* What you will do: What is needed here is an exact transcription of all the entries.

* Record set:
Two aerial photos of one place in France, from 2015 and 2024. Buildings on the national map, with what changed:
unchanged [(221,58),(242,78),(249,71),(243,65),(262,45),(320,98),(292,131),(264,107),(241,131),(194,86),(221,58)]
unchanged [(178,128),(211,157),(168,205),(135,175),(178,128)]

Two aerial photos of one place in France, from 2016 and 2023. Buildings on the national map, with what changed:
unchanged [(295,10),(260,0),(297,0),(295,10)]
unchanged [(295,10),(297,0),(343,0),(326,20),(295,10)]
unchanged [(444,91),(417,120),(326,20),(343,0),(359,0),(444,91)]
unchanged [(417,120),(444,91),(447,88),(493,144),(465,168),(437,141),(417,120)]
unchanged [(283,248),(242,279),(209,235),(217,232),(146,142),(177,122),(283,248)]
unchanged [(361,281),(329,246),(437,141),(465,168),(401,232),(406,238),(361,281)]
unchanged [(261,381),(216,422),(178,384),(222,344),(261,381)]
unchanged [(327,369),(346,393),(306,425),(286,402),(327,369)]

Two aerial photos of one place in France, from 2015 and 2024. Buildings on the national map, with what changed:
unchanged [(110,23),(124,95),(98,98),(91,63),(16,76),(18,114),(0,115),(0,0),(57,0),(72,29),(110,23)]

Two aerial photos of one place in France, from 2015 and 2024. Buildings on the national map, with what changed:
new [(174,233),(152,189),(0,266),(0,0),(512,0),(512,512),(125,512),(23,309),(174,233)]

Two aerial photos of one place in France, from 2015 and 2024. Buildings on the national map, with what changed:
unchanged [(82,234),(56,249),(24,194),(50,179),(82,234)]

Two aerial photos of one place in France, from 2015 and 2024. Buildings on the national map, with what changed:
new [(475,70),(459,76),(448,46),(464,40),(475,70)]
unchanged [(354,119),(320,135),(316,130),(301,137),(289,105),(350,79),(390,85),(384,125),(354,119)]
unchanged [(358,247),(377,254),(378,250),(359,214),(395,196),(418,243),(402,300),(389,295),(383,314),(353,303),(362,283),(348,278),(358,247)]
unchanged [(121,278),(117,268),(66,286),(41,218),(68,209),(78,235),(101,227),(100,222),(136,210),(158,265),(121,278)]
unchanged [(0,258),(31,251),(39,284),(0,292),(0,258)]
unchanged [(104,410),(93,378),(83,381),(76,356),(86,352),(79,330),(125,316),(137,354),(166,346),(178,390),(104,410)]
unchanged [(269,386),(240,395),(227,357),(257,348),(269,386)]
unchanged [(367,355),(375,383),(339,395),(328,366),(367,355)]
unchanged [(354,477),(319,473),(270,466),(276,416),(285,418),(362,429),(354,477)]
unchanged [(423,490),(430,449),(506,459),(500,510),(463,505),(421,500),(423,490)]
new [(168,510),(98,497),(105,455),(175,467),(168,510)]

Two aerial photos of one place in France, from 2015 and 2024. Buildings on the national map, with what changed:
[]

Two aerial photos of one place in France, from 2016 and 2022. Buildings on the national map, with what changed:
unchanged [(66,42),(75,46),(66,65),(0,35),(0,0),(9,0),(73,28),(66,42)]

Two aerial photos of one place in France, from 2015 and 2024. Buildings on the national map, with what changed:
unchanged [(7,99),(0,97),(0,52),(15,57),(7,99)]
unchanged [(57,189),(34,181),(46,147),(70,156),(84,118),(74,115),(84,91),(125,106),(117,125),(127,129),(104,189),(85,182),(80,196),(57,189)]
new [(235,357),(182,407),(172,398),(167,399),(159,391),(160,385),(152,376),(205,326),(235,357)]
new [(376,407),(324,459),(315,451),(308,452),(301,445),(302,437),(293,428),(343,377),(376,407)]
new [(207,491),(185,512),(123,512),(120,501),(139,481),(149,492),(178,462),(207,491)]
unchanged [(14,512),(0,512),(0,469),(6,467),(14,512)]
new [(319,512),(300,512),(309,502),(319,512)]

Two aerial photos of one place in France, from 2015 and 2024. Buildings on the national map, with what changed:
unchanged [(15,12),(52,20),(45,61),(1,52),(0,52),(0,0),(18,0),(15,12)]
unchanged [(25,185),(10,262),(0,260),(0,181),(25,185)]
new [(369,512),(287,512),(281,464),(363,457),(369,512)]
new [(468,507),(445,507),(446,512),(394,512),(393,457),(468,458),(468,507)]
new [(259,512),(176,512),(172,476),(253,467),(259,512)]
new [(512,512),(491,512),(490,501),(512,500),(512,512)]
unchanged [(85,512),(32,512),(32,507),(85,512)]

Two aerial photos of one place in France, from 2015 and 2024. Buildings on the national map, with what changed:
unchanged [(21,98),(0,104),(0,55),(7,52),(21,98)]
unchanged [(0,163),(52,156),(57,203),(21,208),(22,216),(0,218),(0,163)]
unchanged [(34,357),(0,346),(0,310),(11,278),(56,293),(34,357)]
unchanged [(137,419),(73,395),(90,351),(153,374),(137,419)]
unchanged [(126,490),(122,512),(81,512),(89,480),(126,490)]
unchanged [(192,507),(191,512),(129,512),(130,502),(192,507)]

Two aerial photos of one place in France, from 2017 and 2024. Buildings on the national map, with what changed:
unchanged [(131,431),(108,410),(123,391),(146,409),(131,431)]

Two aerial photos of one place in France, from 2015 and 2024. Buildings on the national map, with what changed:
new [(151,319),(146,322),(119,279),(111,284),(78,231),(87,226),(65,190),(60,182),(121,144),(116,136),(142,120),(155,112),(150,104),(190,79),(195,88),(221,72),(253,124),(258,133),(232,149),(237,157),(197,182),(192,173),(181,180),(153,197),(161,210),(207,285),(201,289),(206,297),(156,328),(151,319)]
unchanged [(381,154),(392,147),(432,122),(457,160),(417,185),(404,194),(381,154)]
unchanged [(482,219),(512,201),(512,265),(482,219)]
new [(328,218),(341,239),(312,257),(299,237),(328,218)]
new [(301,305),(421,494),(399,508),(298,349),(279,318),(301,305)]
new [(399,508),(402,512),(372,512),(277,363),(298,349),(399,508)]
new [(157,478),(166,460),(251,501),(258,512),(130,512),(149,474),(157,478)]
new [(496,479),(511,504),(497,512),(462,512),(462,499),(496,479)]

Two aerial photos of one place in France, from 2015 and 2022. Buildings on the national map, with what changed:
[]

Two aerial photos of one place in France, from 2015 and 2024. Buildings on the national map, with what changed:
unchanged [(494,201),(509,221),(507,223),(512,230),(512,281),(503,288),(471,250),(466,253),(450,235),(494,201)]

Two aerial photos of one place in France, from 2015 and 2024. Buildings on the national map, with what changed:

* Exercise solution:
Two aerial photos of one place in France, from 2015 and 2024. Buildings on the national map, with what changed:
unchanged [(221,58),(242,78),(249,71),(243,65),(262,45),(320,98),(292,131),(264,107),(241,131),(194,86),(221,58)]
unchanged [(178,128),(211,157),(168,205),(135,175),(178,128)]

Two aerial photos of one place in France, from 2016 and 2023. Buildings on the national map, with what changed:
unchanged [(295,10),(260,0),(297,0),(295,10)]
unchanged [(295,10),(297,0),(343,0),(326,20),(295,10)]
unchanged [(444,91),(417,120),(326,20),(343,0),(359,0),(444,91)]
unchanged [(417,120),(444,91),(447,88),(493,144),(465,168),(437,141),(417,120)]
unchanged [(283,248),(242,279),(209,235),(217,232),(146,142),(177,122),(283,248)]
unchanged [(361,281),(329,246),(437,141),(465,168),(401,232),(406,238),(361,281)]
unchanged [(261,381),(216,422),(178,384),(222,344),(261,381)]
unchanged [(327,369),(346,393),(306,425),(286,402),(327,369)]

Two aerial photos of one place in France, from 2015 and 2024. Buildings on the national map, with what changed:
unchanged [(110,23),(124,95),(98,98),(91,63),(16,76),(18,114),(0,115),(0,0),(57,0),(72,29),(110,23)]

Two aerial photos of one place in France, from 2015 and 2024. Buildings on the national map, with what changed:
new [(174,233),(152,189),(0,266),(0,0),(512,0),(512,512),(125,512),(23,309),(174,233)]

Two aerial photos of one place in France, from 2015 and 2024. Buildings on the national map, with what changed:
unchanged [(82,234),(56,249),(24,194),(50,179),(82,234)]

Two aerial photos of one place in France, from 2015 and 2024. Buildings on the national map, with what changed:
new [(475,70),(459,76),(448,46),(464,40),(475,70)]
unchanged [(354,119),(320,135),(316,130),(301,137),(289,105),(350,79),(390,85),(384,125),(354,119)]
unchanged [(358,247),(377,254),(378,250),(359,214),(395,196),(418,243),(402,300),(389,295),(383,314),(353,303),(362,283),(348,278),(358,247)]
unchanged [(121,278),(117,268),(66,286),(41,218),(68,209),(78,235),(101,227),(100,222),(136,210),(158,265),(121,278)]
unchanged [(0,258),(31,251),(39,284),(0,292),(0,258)]
unchanged [(104,410),(93,378),(83,381),(76,356),(86,352),(79,330),(125,316),(137,354),(166,346),(178,390),(104,410)]
unchanged [(269,386),(240,395),(227,357),(257,348),(269,386)]
unchanged [(367,355),(375,383),(339,395),(328,366),(367,355)]
unchanged [(354,477),(319,473),(270,466),(276,416),(285,418),(362,429),(354,477)]
unchanged [(423,490),(430,449),(506,459),(500,510),(463,505),(421,500),(423,490)]
new [(168,510),(98,497),(105,455),(175,467),(168,510)]

Two aerial photos of one place in France, from 2015 and 2024. Buildings on the national map, with what changed:
[]

Two aerial photos of one place in France, from 2016 and 2022. Buildings on the national map, with what changed:
unchanged [(66,42),(75,46),(66,65),(0,35),(0,0),(9,0),(73,28),(66,42)]

Two aerial photos of one place in France, from 2015 and 2024. Buildings on the national map, with what changed:
unchanged [(7,99),(0,97),(0,52),(15,57),(7,99)]
unchanged [(57,189),(34,181),(46,147),(70,156),(84,118),(74,115),(84,91),(125,106),(117,125),(127,129),(104,189),(85,182),(80,196),(57,189)]
new [(235,357),(182,407),(172,398),(167,399),(159,391),(160,385),(152,376),(205,326),(235,357)]
new [(376,407),(324,459),(315,451),(308,452),(301,445),(302,437),(293,428),(343,377),(376,407)]
new [(207,491),(185,512),(123,512),(120,501),(139,481),(149,492),(178,462),(207,491)]
unchanged [(14,512),(0,512),(0,469),(6,467),(14,512)]
new [(319,512),(300,512),(309,502),(319,512)]

Two aerial photos of one place in France, from 2015 and 2024. Buildings on the national map, with what changed:
unchanged [(15,12),(52,20),(45,61),(1,52),(0,52),(0,0),(18,0),(15,12)]
unchanged [(25,185),(10,262),(0,260),(0,181),(25,185)]
new [(369,512),(287,512),(281,464),(363,457),(369,512)]
new [(468,507),(445,507),(446,512),(394,512),(393,457),(468,458),(468,507)]
new [(259,512),(176,512),(172,476),(253,467),(259,512)]
new [(512,512),(491,512),(490,501),(512,500),(512,512)]
unchanged [(85,512),(32,512),(32,507),(85,512)]

Two aerial photos of one place in France, from 2015 and 2024. Buildings on the national map, with what changed:
unchanged [(21,98),(0,104),(0,55),(7,52),(21,98)]
unchanged [(0,163),(52,156),(57,203),(21,208),(22,216),(0,218),(0,163)]
unchanged [(34,357),(0,346),(0,310),(11,278),(56,293),(34,357)]
unchanged [(137,419),(73,395),(90,351),(153,374),(137,419)]
unchanged [(126,490),(122,512),(81,512),(89,480),(126,490)]
unchanged [(192,507),(191,512),(129,512),(130,502),(192,507)]

Two aerial photos of one place in France, from 2017 and 2024. Buildings on the national map, with what changed:
unchanged [(131,431),(108,410),(123,391),(146,409),(131,431)]

Two aerial photos of one place in France, from 2015 and 2024. Buildings on the national map, with what changed:
new [(151,319),(146,322),(119,279),(111,284),(78,231),(87,226),(65,190),(60,182),(121,144),(116,136),(142,120),(155,112),(150,104),(190,79),(195,88),(221,72),(253,124),(258,133),(232,149),(237,157),(197,182),(192,173),(181,180),(153,197),(161,210),(207,285),(201,289),(206,297),(156,328),(151,319)]
unchanged [(381,154),(392,147),(432,122),(457,160),(417,185),(404,194),(381,154)]
unchanged [(482,219),(512,201),(512,265),(482,219)]
new [(328,218),(341,239),(312,257),(299,237),(328,218)]
new [(301,305),(421,494),(399,508),(298,349),(279,318),(301,305)]
new [(399,508),(402,512),(372,512),(277,363),(298,349),(399,508)]
new [(157,478),(166,460),(251,501),(258,512),(130,512),(149,474),(157,478)]
new [(496,479),(511,504),(497,512),(462,512),(462,499),(496,479)]

Two aerial photos of one place in France, from 2015 and 2022. Buildings on the national map, with what changed:
[]

Two aerial photos of one place in France, from 2015 and 2024. Buildings on the national map, with what changed:
unchanged [(494,201),(509,221),(507,223),(512,230),(512,281),(503,288),(471,250),(466,253),(450,235),(494,201)]

Two aerial photos of one place in France, from 2015 and 2024. Buildings on the national map, with what changed:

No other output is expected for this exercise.